• RECORDS FOR THE EXERCISE:
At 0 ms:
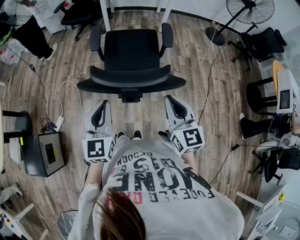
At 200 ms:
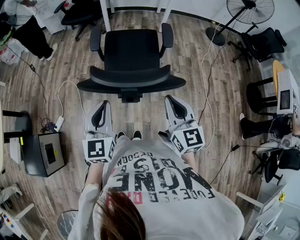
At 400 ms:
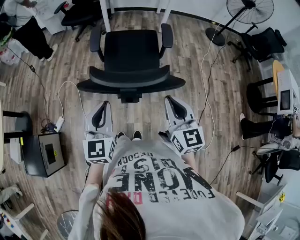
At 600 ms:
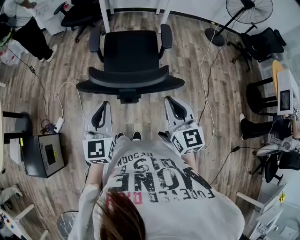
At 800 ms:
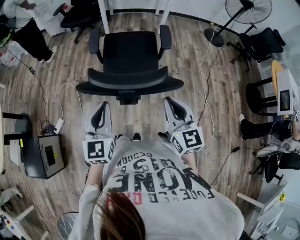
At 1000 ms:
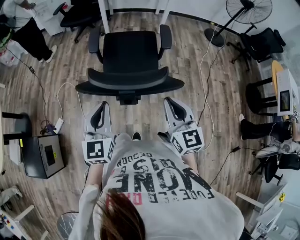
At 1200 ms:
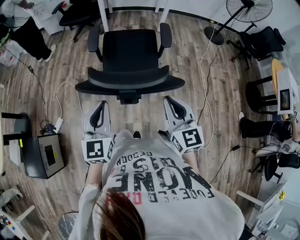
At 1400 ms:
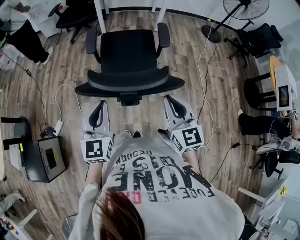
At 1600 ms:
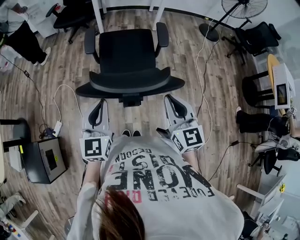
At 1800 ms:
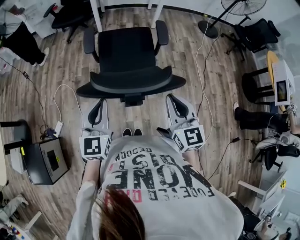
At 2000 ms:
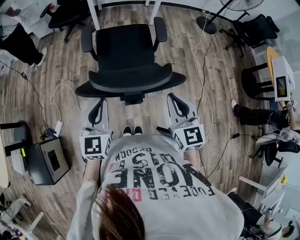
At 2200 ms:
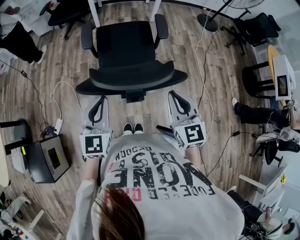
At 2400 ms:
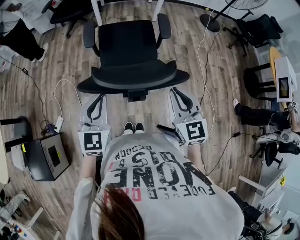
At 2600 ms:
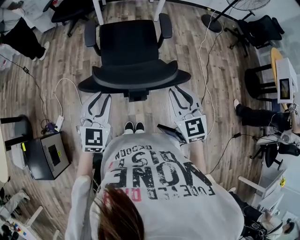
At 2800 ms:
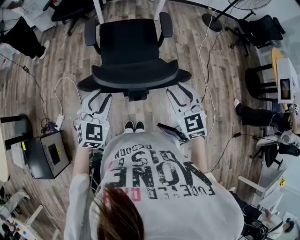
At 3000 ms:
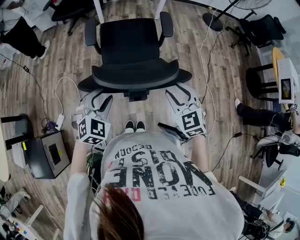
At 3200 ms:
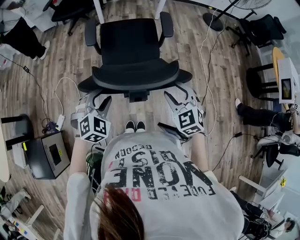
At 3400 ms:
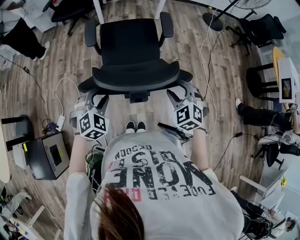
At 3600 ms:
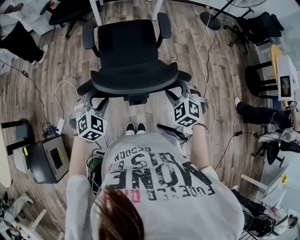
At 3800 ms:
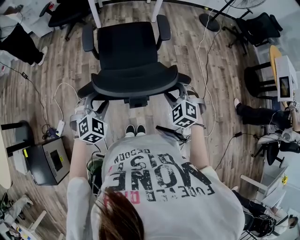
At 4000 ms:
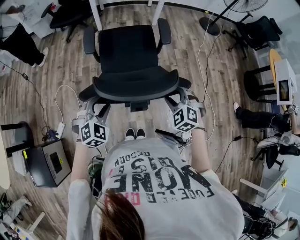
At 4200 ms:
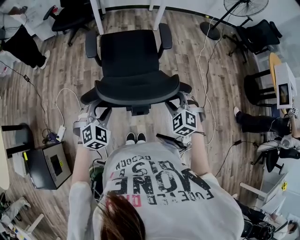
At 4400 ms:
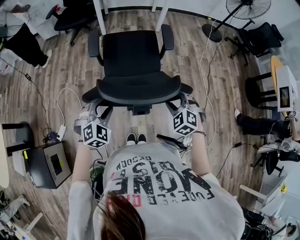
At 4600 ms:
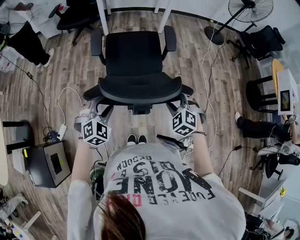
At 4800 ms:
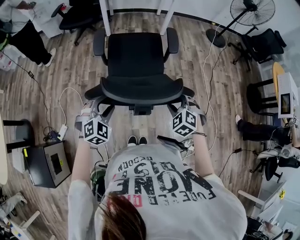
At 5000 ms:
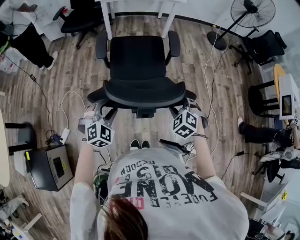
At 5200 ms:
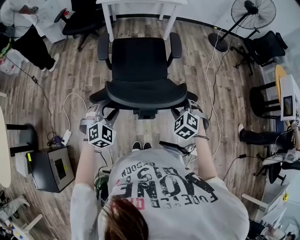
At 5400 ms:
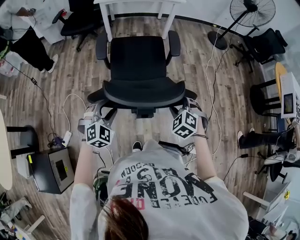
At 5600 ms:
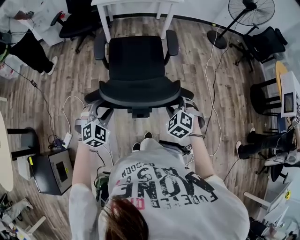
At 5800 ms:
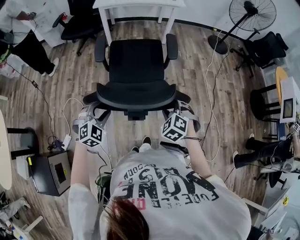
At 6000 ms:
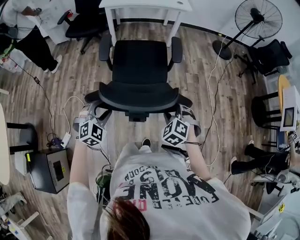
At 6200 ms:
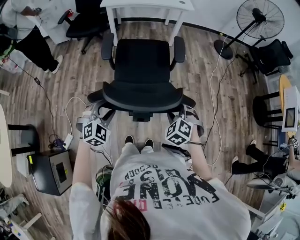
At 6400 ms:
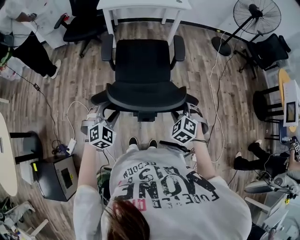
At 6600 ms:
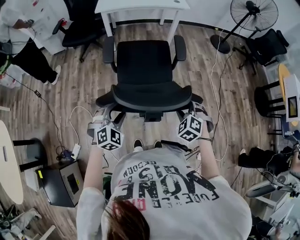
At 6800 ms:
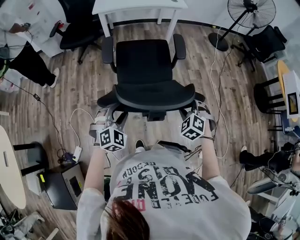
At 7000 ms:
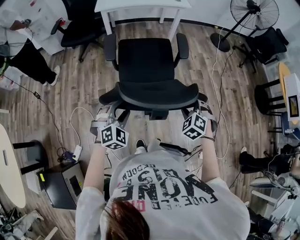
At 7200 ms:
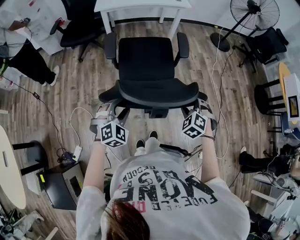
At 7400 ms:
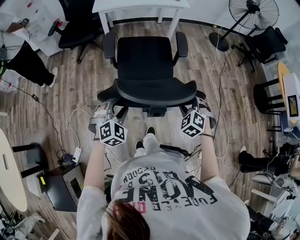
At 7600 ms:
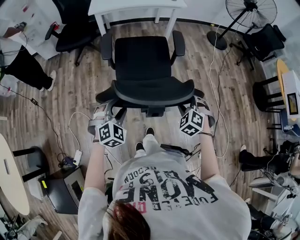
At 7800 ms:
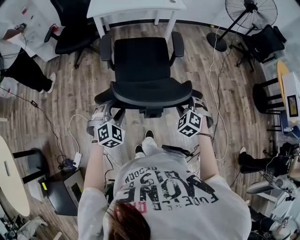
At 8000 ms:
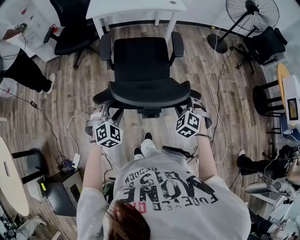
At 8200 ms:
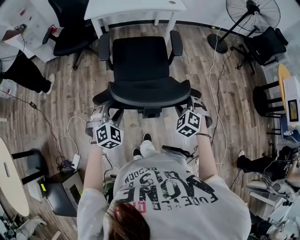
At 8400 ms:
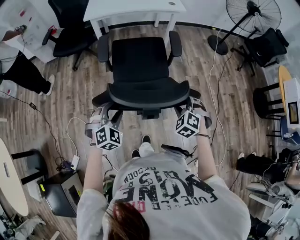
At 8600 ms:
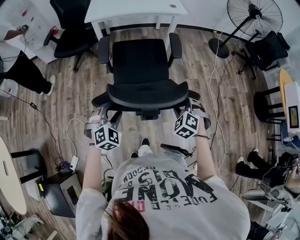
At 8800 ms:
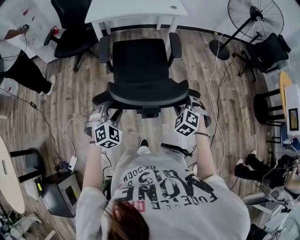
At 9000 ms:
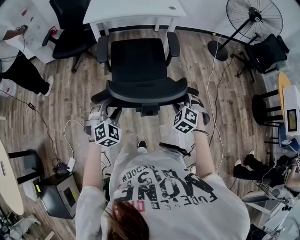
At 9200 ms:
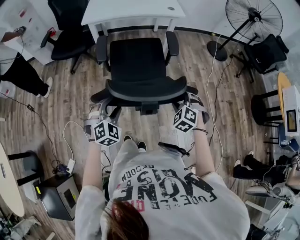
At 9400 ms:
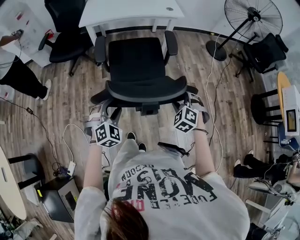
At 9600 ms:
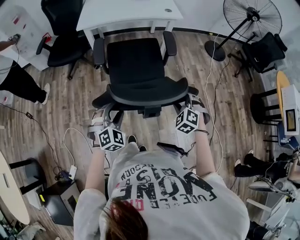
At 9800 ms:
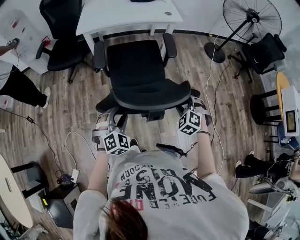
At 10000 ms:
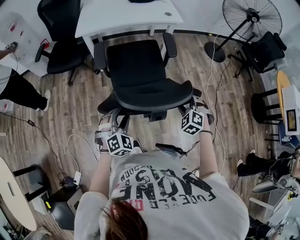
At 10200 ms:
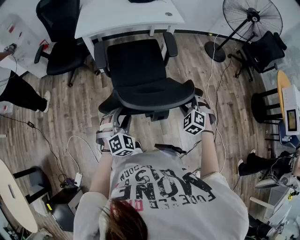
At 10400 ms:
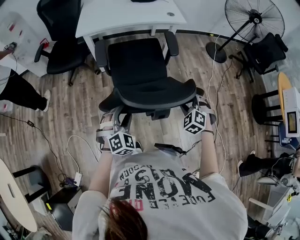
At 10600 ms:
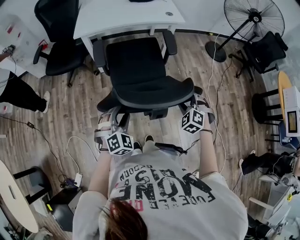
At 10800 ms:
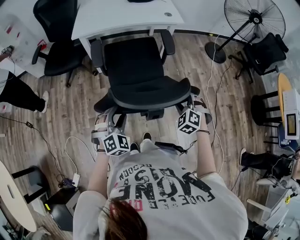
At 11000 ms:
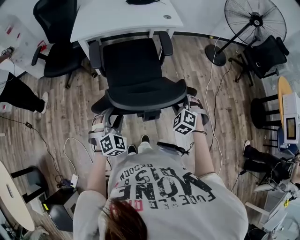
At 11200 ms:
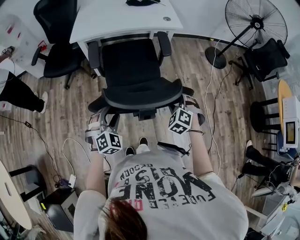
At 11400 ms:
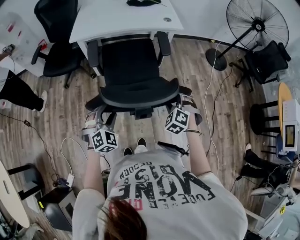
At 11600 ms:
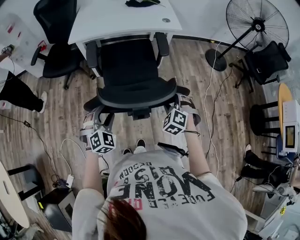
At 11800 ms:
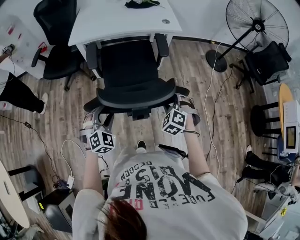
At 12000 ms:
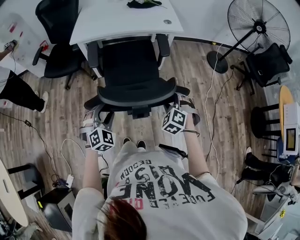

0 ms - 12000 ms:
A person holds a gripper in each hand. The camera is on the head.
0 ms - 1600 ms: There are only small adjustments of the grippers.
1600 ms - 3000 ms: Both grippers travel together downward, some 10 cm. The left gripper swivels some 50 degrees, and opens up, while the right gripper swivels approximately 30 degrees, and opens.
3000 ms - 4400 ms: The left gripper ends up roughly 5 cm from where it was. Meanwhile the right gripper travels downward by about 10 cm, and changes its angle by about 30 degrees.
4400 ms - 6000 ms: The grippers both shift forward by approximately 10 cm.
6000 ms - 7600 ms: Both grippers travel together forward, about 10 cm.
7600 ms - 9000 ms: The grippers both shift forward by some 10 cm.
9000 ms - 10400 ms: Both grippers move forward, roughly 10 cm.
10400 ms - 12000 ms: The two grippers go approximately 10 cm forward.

• PROBLEM: Leave the images aside and retype each line of the listing above exactly.

• WRITTEN SOLUTION:
At 0 ms:
At 200 ms:
At 400 ms:
At 600 ms:
At 800 ms:
At 1000 ms:
At 1200 ms:
At 1400 ms:
At 1600 ms:
At 1800 ms:
At 2000 ms:
At 2200 ms:
At 2400 ms:
At 2600 ms:
At 2800 ms:
At 3000 ms:
At 3200 ms:
At 3400 ms:
At 3600 ms:
At 3800 ms:
At 4000 ms:
At 4200 ms:
At 4400 ms:
At 4600 ms:
At 4800 ms:
At 5000 ms:
At 5200 ms:
At 5400 ms:
At 5600 ms:
At 5800 ms:
At 6000 ms:
At 6200 ms:
At 6400 ms:
At 6600 ms:
At 6800 ms:
At 7000 ms:
At 7200 ms:
At 7400 ms:
At 7600 ms:
At 7800 ms:
At 8000 ms:
At 8200 ms:
At 8400 ms:
At 8600 ms:
At 8800 ms:
At 9000 ms:
At 9200 ms:
At 9400 ms:
At 9600 ms:
At 9800 ms:
At 10000 ms:
At 10200 ms:
At 10400 ms:
At 10600 ms:
At 10800 ms:
At 11000 ms:
At 11200 ms:
At 11400 ms:
At 11600 ms:
At 11800 ms:
At 12000 ms:

0 ms - 12000 ms:
A person holds a gripper in each hand. The camera is on the head.
0 ms - 1600 ms: There are only small adjustments of the grippers.
1600 ms - 3000 ms: Both grippers travel together downward, some 10 cm. The left gripper swivels some 50 degrees, and opens up, while the right gripper swivels approximately 30 degrees, and opens.
3000 ms - 4400 ms: The left gripper ends up roughly 5 cm from where it was. Meanwhile the right gripper travels downward by about 10 cm, and changes its angle by about 30 degrees.
4400 ms - 6000 ms: The grippers both shift forward by approximately 10 cm.
6000 ms - 7600 ms: Both grippers travel together forward, about 10 cm.
7600 ms - 9000 ms: The grippers both shift forward by some 10 cm.
9000 ms - 10400 ms: Both grippers move forward, roughly 10 cm.
10400 ms - 12000 ms: The two grippers go approximately 10 cm forward.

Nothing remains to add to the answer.